Start of Block

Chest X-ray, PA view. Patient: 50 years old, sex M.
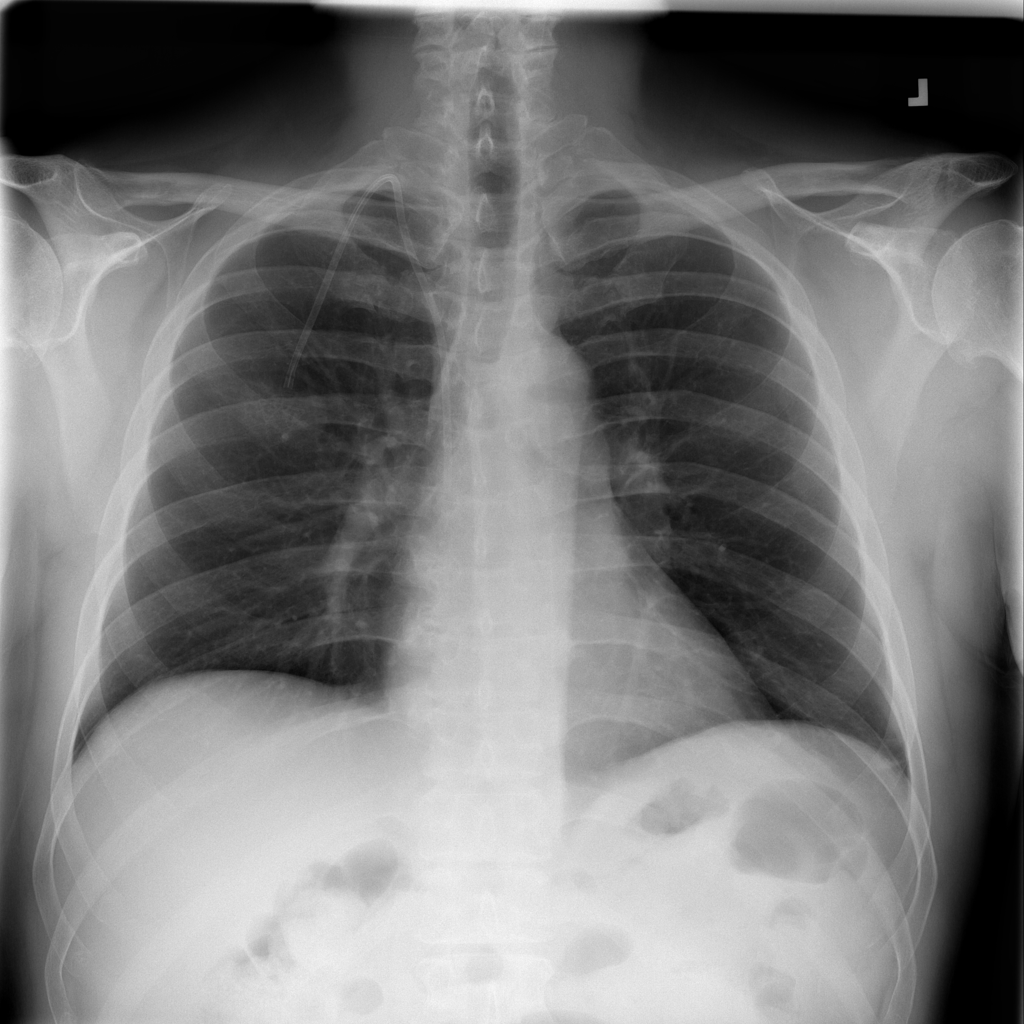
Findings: Infiltration
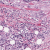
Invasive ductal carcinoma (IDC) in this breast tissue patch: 1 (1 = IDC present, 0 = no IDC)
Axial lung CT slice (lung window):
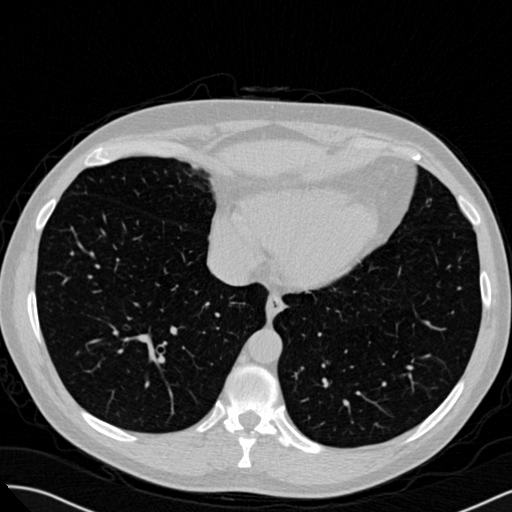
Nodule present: no
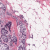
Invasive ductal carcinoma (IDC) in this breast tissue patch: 0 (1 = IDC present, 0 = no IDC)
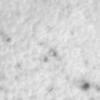
Label: no_change
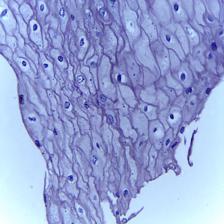
Diagnosis: Normal
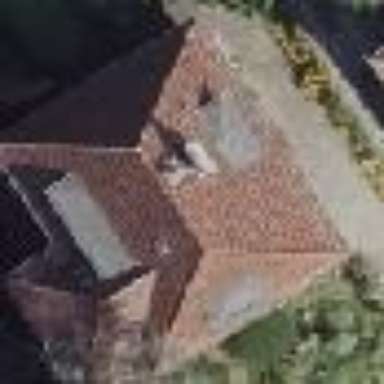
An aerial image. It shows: Hipped roof house.
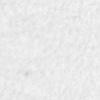
Label: no_change
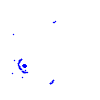
Particle: kaon
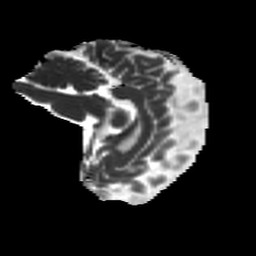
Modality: MD
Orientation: sagittal
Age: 33
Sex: female
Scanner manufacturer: ge
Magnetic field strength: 3 T
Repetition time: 7.8 s
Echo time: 0.0606 s
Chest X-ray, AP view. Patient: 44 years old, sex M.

End of Block

» YOUR GOAL:
Quote the records in full and exactly; skip any image.

» EXPECTED ANSWER:
Chest X-ray, PA view. Patient: 50 years old, sex M.
Findings: Infiltration
Invasive ductal carcinoma (IDC) in this breast tissue patch: 1 (1 = IDC present, 0 = no IDC)
Axial lung CT slice (lung window):
Nodule present: no
Invasive ductal carcinoma (IDC) in this breast tissue patch: 0 (1 = IDC present, 0 = no IDC)
Label: no_change
Diagnosis: Normal
An aerial image. It shows: Hipped roof house.
Label: no_change
Particle: kaon
Modality: MD
Orientation: sagittal
Age: 33
Sex: female
Scanner manufacturer: ge
Magnetic field strength: 3 T
Repetition time: 7.8 s
Echo time: 0.0606 s
Chest X-ray, AP view. Patient: 44 years old, sex M.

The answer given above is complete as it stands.